13. The electronic device according to claim 1, wherein the set of interactive UI elements comprises a first UI element that is rendered on the display device as a graph with user-configurable nodes representing the parameters and the input data.

14. The electronic device according to claim 13, wherein the user-configurable nodes are connected via a plurality of edges,

each of user-configurable nodes is of an adjustable size which indicates an importance of the respective node,

each edge of the plurality of edges is of an adjustable length which depicts a confidence score between two connecting nodes of the user-configurable nodes, and

a connection of two or more nodes of the user-configurable nodes indicates a co-occurrence factor to be used in the search.

15. A method, comprising:

controlling a display device to render an application interface that comprises User Interface (UI) elements, wherein the UI elements comprise: a first UI element to select a set of media items, a second UI element to select input data to be used to search inside content of each media item of the set of media items, and a set of interactive UI elements to configure parameters that control at least one of the search inside the content or a metasearch within results of the search;

receiving a user input via the UI elements of the application interface;

transmitting a search request to a search engine system, based on the user input;

receiving a search result corresponding to the search request from the search engine system, wherein the search result identifies, from within the content or associated metadata, one or more content elements that match the input data and satisfy the parameters included in the user input; and

controlling the display device to render the search result onto a result UI of the application interface.

16. The method according to claim 15, further comprising:

receiving an input via the application interface; and

determining the parameters available for the search or the metasearch, based on one or more keywords included in the received input.

17. The method according to claim 15, further comprising executing, by using an Artificial Intelligence (AI) model, the search inside the content of each media item of the set of media items to generate an initial search result, and

wherein the search is executed based on the input data and is a machine learning task to look-up, within the content and the associated metadata, a set of content elements that match the input data.

18. The method according to claim 17, further comprising executing a metasearch to filter the set of content elements in the initial search result, and

wherein the set of content elements is filtered based on the parameters in the user input, to determine the one or more content elements of the search result.

19. The method according to claim 17, further comprising selecting the AI model that is suitable for the machine learning task from a third UI element of the UI elements, and

wherein the user input includes a selection of the AI model from a listing of different AI models in the third UI element.

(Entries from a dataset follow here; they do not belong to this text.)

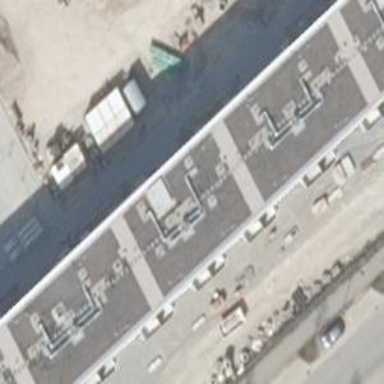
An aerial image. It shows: Flat roof building with grey roof.
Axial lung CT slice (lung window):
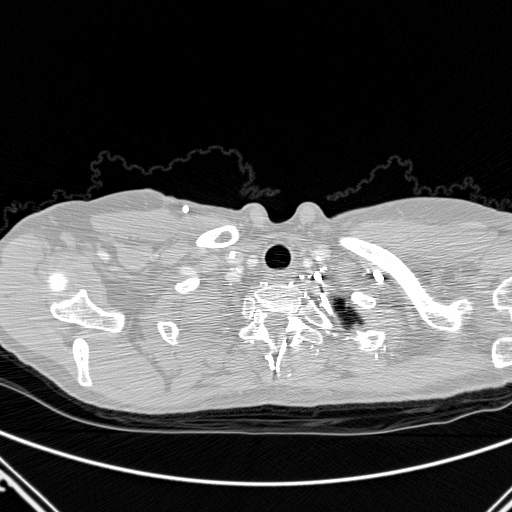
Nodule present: no
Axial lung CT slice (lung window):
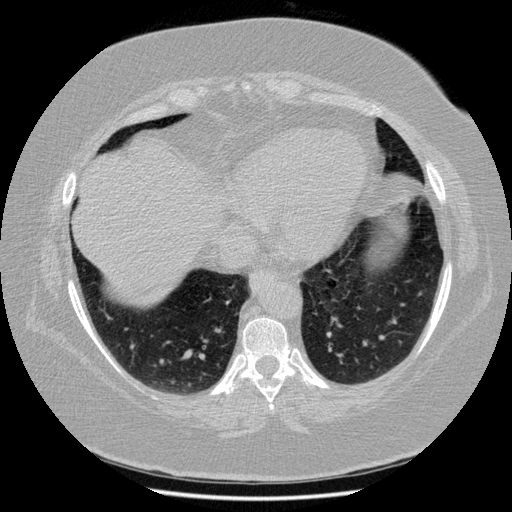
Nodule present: no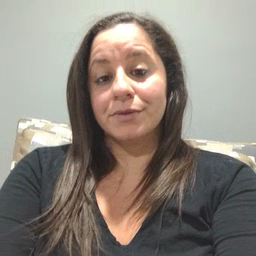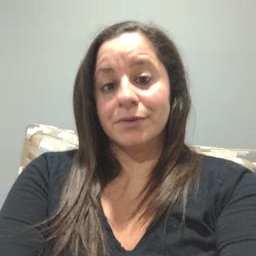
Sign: cat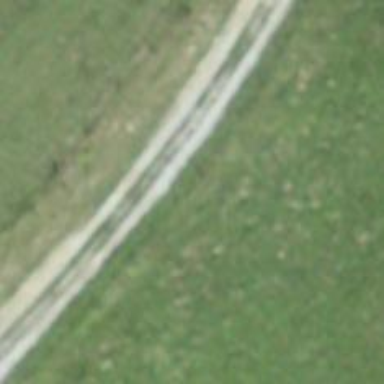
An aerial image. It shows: Unpaved track with grade2 tracktype.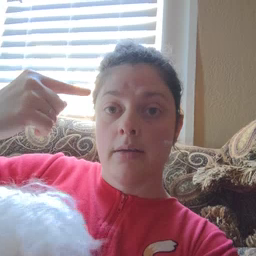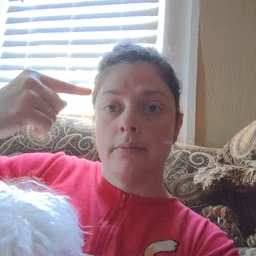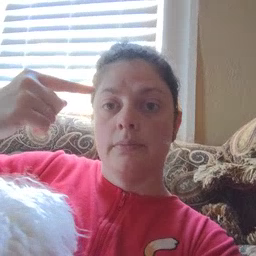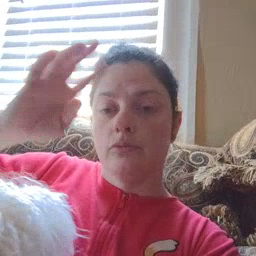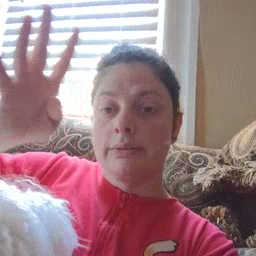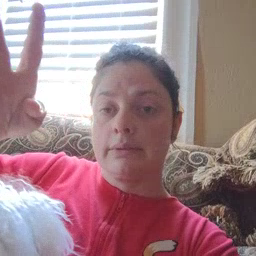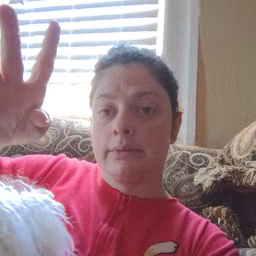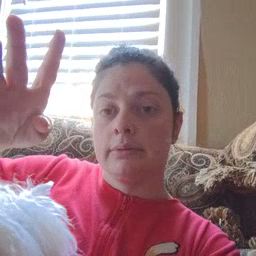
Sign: pretend
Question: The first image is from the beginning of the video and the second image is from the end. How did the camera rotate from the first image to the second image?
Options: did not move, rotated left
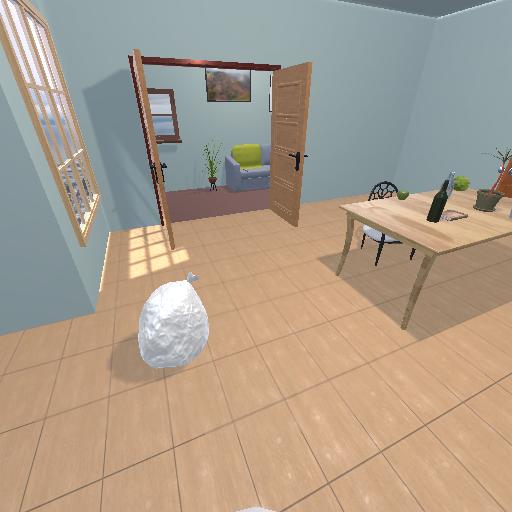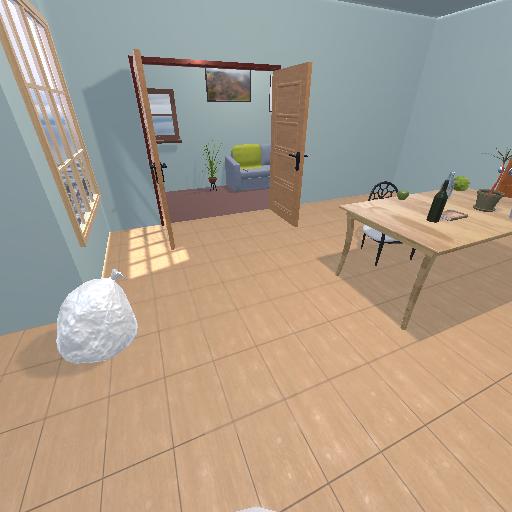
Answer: did not move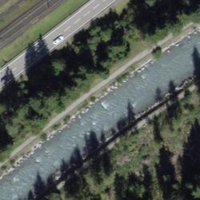
EUNIS habitat code: 43
Species observed at this site:
Neottia nidus-avis
Populus tremula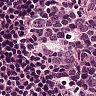
Metastatic tissue present: no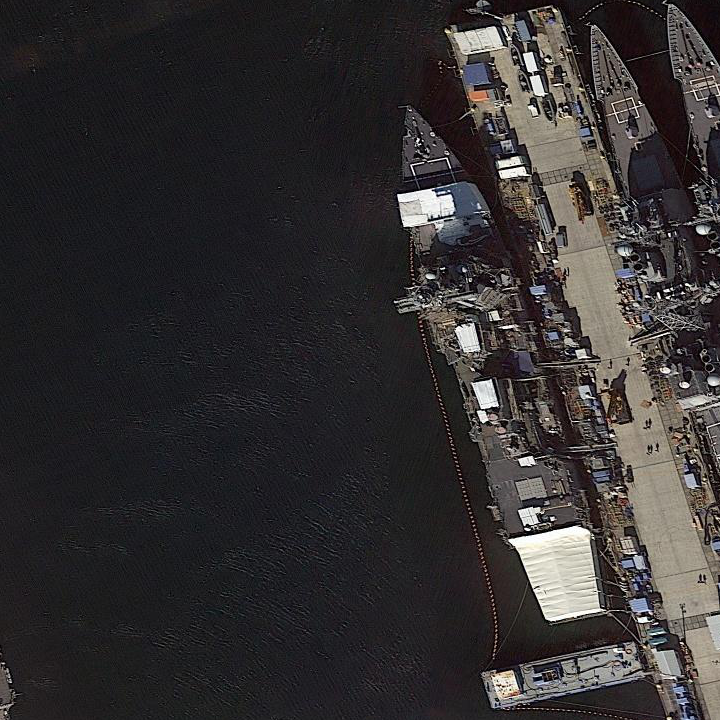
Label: destroyer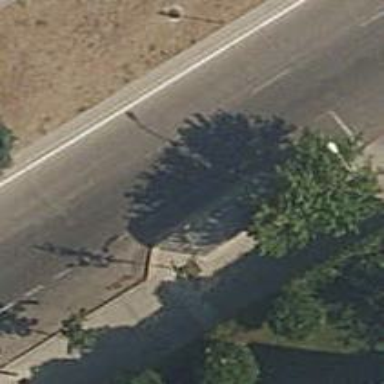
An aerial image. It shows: Public transport stop position.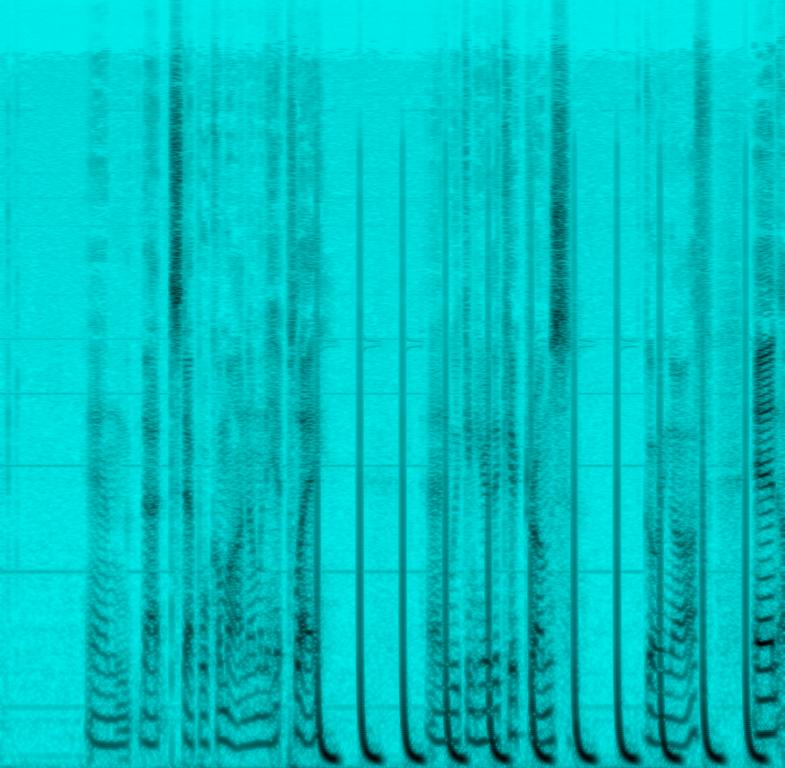
This is the recording of a lesson video. There is male voice talking in an instructive manner. The only musical element in the background is a repeated electronic kick drum pattern that is being modified.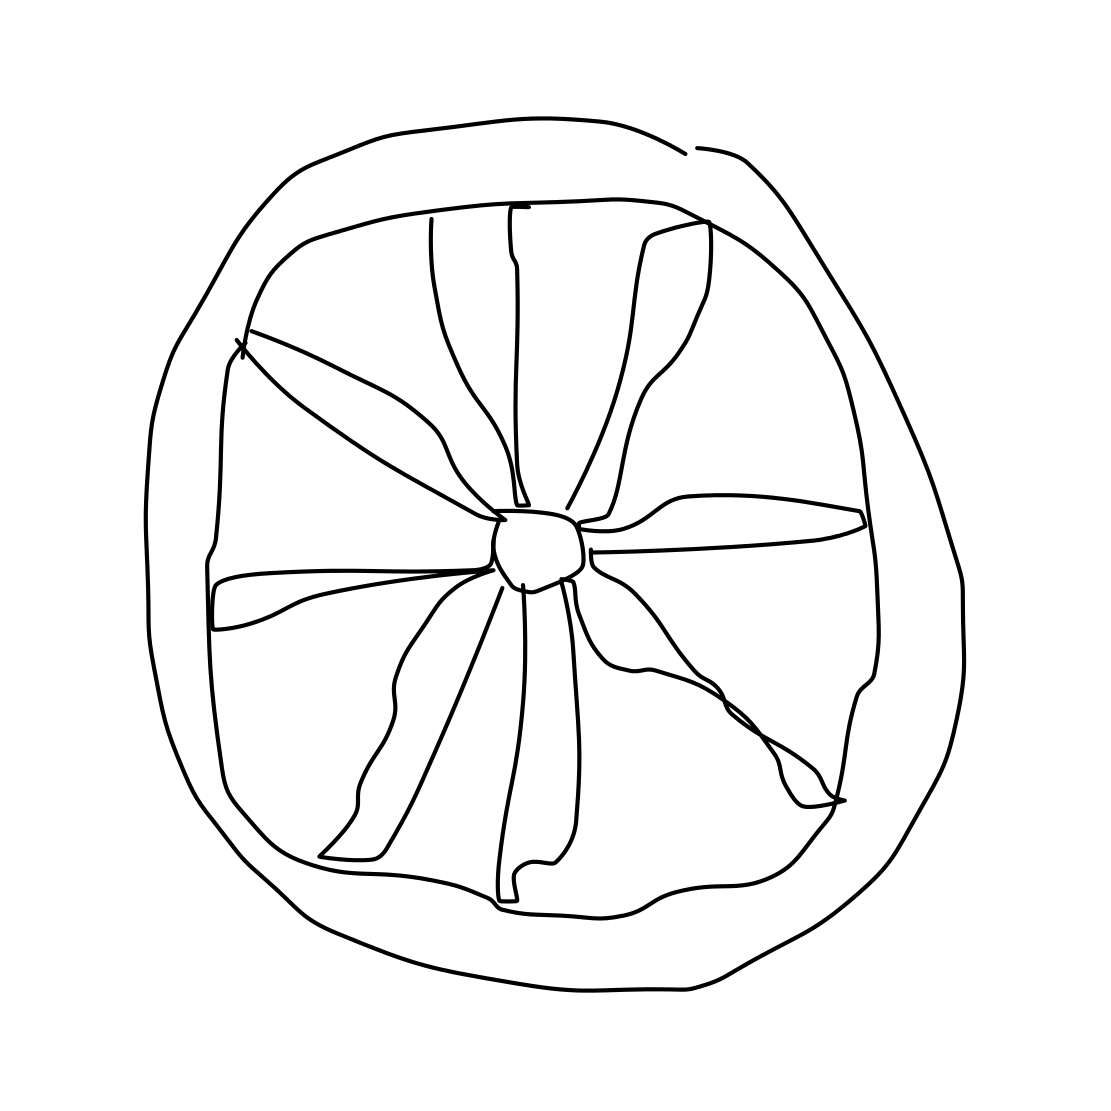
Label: wheel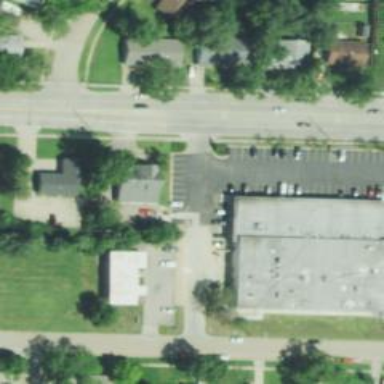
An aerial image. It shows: Healthcare clinic.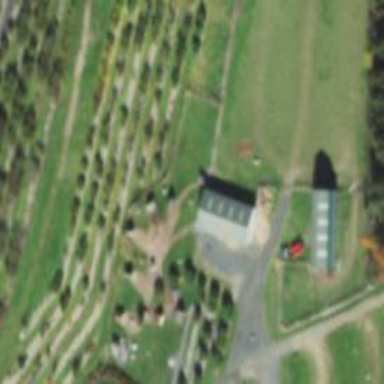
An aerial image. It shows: Maze attraction.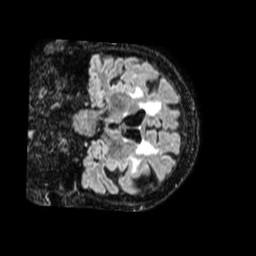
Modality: FLAIR
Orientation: coronal
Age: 83
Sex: female
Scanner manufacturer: philips
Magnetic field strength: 1.5 T
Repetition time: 4.8 s
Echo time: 0.3688 s
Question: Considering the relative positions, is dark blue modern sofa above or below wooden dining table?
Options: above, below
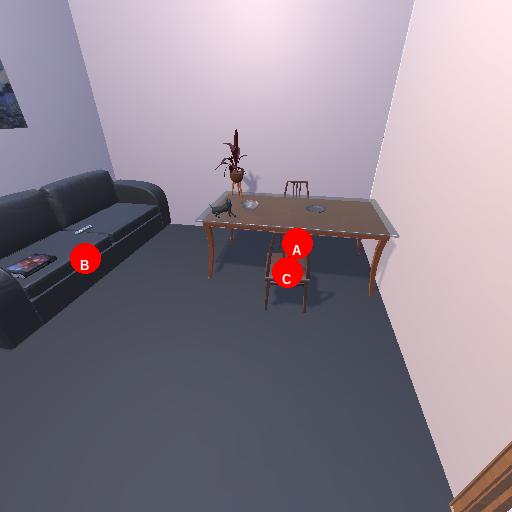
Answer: above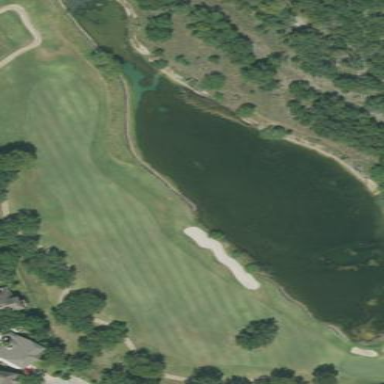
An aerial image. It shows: Golf rough area.
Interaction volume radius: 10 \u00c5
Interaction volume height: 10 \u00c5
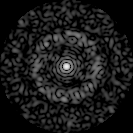
Disorder parameter: 0.866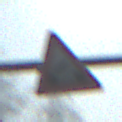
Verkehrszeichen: BeweglicheBruecke
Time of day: MorningAfternoon
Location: Outdoor (Suburban)
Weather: PartlyCloudy
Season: NotSpecified
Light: Natural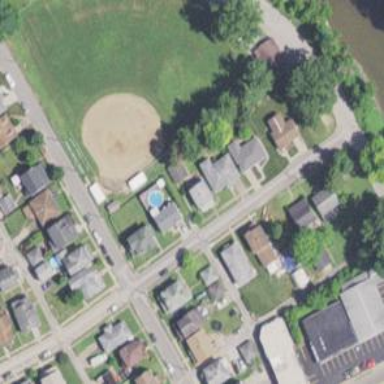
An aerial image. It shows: Baseball pitch for leisure land activities.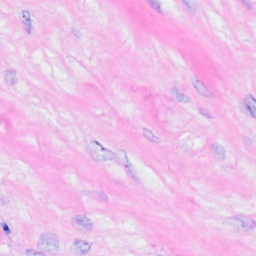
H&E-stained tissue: Breast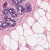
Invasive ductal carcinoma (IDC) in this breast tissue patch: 0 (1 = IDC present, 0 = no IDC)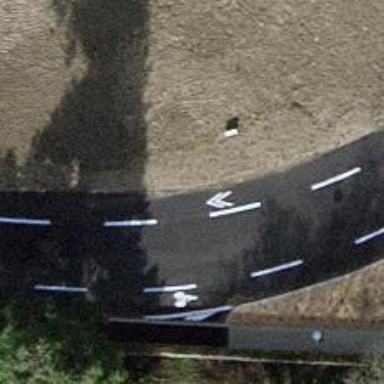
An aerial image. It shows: Tertiary road with asphalt surface including cycle lane.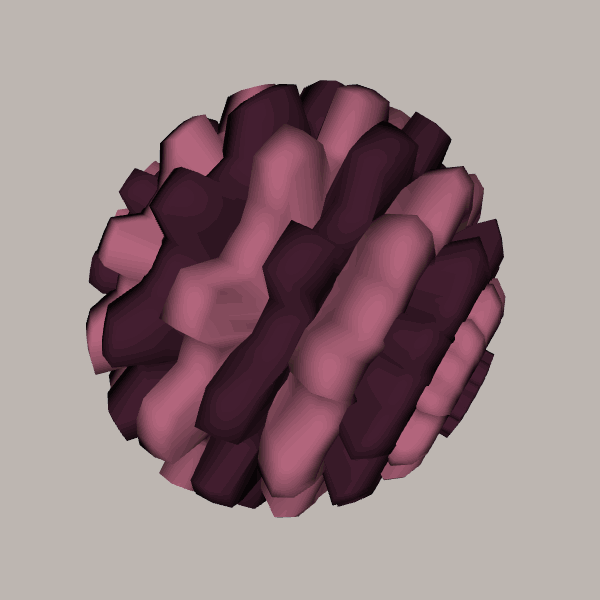
Background: light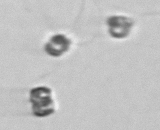
Label: Thalassiosira_sp_aff_mala

20. A non-transitory computer-readable medium having stored thereon computer-implemented instructions that, when executed by an electronic device, causes the electronic device to execute operations, the operations comprising:

controlling a display device to render an application interface that comprises User Interface (UI) elements, wherein the UI elements comprise: a first UI element to select a set of media items, a second UI element to select input data to be used for a search inside content of each media item of the set of media items, and a set of interactive UI elements to configure parameters that control at least one of the search inside the content or a metasearch within results of the search;

receiving a user input via the UI elements of the application interface;

transmitting a search request to a search engine system, based on the user input; and

receiving a search result corresponding to the search request from the search engine system, wherein the search result identifies, from within the content or associated metadata, one or more content elements that match the input data and satisfy the parameters included in the user input; and controlling the display device to render the search result onto a result UI of the application interface.